A Stock Standard Day

Nothing of any T1D interest happened today.

  •  I got out of bed and jabbed my finger to test my blood glucose
  •  I had the first of the two morning injections
  •  A little later I had the second injection
  •  Breakfast. Because I follow the routine taught to me 46 years ago, I have a standard breakfast with a relatively standard amount of carbohydrate
  •  Just before getting off the train for my standard walk, I had a fruit juice box. This gives me the extra carbohydrate I need for the 45 minute walk
  •  After arriving at work, I had another fruit juice box. History tells me that if I don’t I’ll be going low within 30 minutes of getting there
  •  An hour later I had my morning snack. Quaintly this is called “morning tea” in Australia, a hang over from our English past. I was now set up for the coast through to lunch
  •  At midday I tested my BGL again and entered the result in the log book I keep. Then I prepared and ate my lunch. The log book is so I can show my doctor (Endo) my tests since the last time I saw her. From that she gets a snapshot of how I am managing my T1D
  •  Off for my lunch time walk around the river. It was a lovely day for it
  •  At mid afternoon I thought back over the day and thought about my levels this morning, the food I’ve eaten and whether anything differently energetic has happened today. From this I determined how much food I should have for my afternoon snack, cutely referred to as “afternoon tea” in Australia.

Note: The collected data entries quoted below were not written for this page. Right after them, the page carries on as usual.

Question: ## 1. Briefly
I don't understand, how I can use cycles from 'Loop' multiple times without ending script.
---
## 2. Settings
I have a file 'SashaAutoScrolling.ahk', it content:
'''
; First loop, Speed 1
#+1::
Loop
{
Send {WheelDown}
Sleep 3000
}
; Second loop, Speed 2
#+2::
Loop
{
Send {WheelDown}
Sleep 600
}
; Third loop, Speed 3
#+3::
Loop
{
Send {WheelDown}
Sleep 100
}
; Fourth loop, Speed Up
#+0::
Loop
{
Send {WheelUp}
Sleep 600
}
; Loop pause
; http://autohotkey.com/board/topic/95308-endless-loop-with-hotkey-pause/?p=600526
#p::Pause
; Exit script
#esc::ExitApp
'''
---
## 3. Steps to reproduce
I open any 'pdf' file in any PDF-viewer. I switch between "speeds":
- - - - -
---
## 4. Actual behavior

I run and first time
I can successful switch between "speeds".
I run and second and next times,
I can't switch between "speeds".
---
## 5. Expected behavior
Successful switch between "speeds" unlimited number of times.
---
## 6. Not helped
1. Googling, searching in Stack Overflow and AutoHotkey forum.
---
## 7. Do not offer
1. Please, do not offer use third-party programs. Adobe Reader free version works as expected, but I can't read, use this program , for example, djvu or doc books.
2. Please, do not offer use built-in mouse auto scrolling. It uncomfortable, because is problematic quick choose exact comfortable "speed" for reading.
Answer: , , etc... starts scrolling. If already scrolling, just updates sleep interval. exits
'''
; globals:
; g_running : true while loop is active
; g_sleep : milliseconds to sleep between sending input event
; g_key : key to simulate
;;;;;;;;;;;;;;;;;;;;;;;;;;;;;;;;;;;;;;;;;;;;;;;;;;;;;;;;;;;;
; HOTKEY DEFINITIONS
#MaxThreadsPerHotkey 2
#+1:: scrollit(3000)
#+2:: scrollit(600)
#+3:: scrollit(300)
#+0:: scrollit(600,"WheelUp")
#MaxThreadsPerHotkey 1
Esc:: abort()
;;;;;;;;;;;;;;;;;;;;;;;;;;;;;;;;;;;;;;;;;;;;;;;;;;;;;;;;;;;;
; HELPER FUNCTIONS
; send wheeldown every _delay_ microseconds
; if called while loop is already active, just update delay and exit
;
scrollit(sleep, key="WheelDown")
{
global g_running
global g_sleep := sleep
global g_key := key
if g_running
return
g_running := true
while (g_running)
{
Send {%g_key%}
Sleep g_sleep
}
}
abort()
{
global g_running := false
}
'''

From this little thought experiment I decided to have an apple
  •  Time to go home, so the standard train trip, arriving home at the standard time just before dinner
  •  Shortly before sitting down to eat I went into the bathroom to test my BGL and record the result in the log, then have the first of my evening injections
  •  The evening meal contained approximately the standard amount of carbohydrate
  •  At 8 o’clock in the evening I had my second evening injection, to prepare myself for the night time. This injection needs to be the right amount so I get through the night without my BGL going low and hopefully so it isn’t too high either when I test again in the morning
  •  At 9:30 I did my final test of BGL, recorded it in the log, then decide from that test what to have for my pre-bed snack, referred to in Australia as “supper”. The decision is primarily based on how much carbohydrate I need, but it needs to be of the long acting type, ie. low GI. So long as all of those considerations are matched properly I will be safe over night and not wake up too high

My stock standard day includes me jabbing myself with a needle or pricker 8 times, 4 of them to purposely make myself bleed. It involves me considering grams of carbohydrate each time I need to eat. Part of that process also requires me to think back over the last 12 hours and reconsider how many grams of carbohydrate I’ve already eaten.

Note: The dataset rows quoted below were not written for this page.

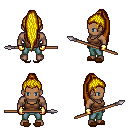
a pixel art fantasy rpg character, male body template, human, dark skin, brown pirate shirt, teal pants, blonde extra-long topknot hairstyle, gold gloves, brown slippers, spear, four views (front, back, left, right), 2x2 character sprite sheet, small pixel art, hard edges, no anti-aliasing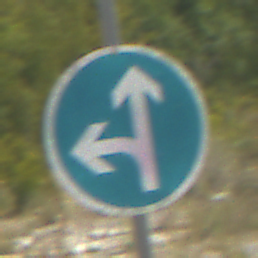
Verkehrszeichen: VorgeschriebeneFahrtrichtungGeradeausOderLinks
Umgebung: Outdoor, Suburban
Tageszeit: Midday
Wetter: PartlyCloudy
Licht: Natural
Jahreszeit: Summer
Kontrast: HighContrast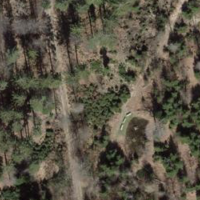
EUNIS habitat code: 43
Species observed at this site:
Pteridium aquilinum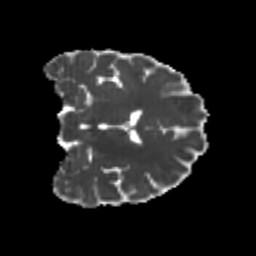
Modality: MD
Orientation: coronal
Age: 22
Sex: male
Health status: healthy
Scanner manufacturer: philips
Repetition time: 7.391 s
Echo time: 0.08599 s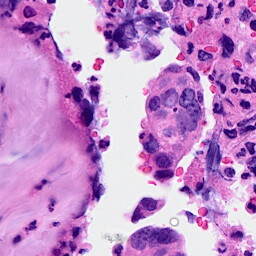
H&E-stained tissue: Breast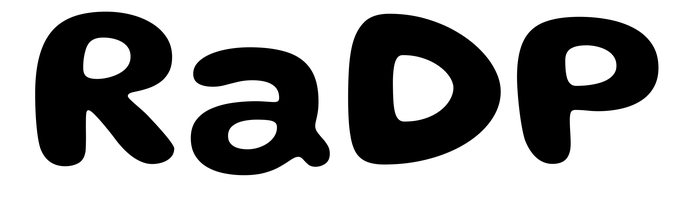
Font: Gluten_SemiBold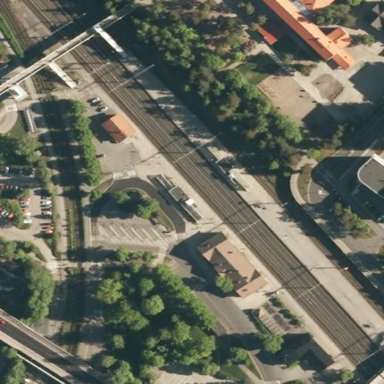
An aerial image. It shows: Paved platform for public transport. The platform is for railway services.
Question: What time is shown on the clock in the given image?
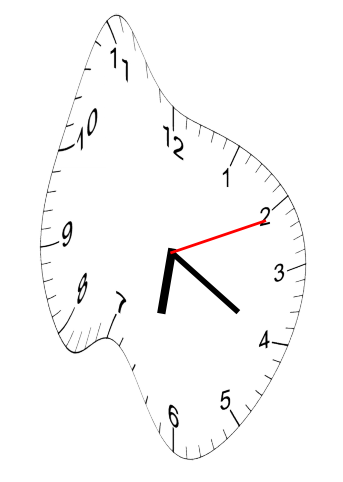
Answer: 06:20:11

And that’s before I take the first bite.

I’ve done this daily routine 16,790 times, having 67,160 injections. Sometimes people ask me if it annoys me, and my answer is not a simple yes or no. Yes, it gets repetitious and I sometimes would like to be more carefree and flippant. But no, because if I hadn’t followed a tight management regime for these 46 years, it’s very likely I wouldn’t be here today. I certainly wouldn’t be as healthy as I am.

So today was a stock standard day. I hope tomorrow is too.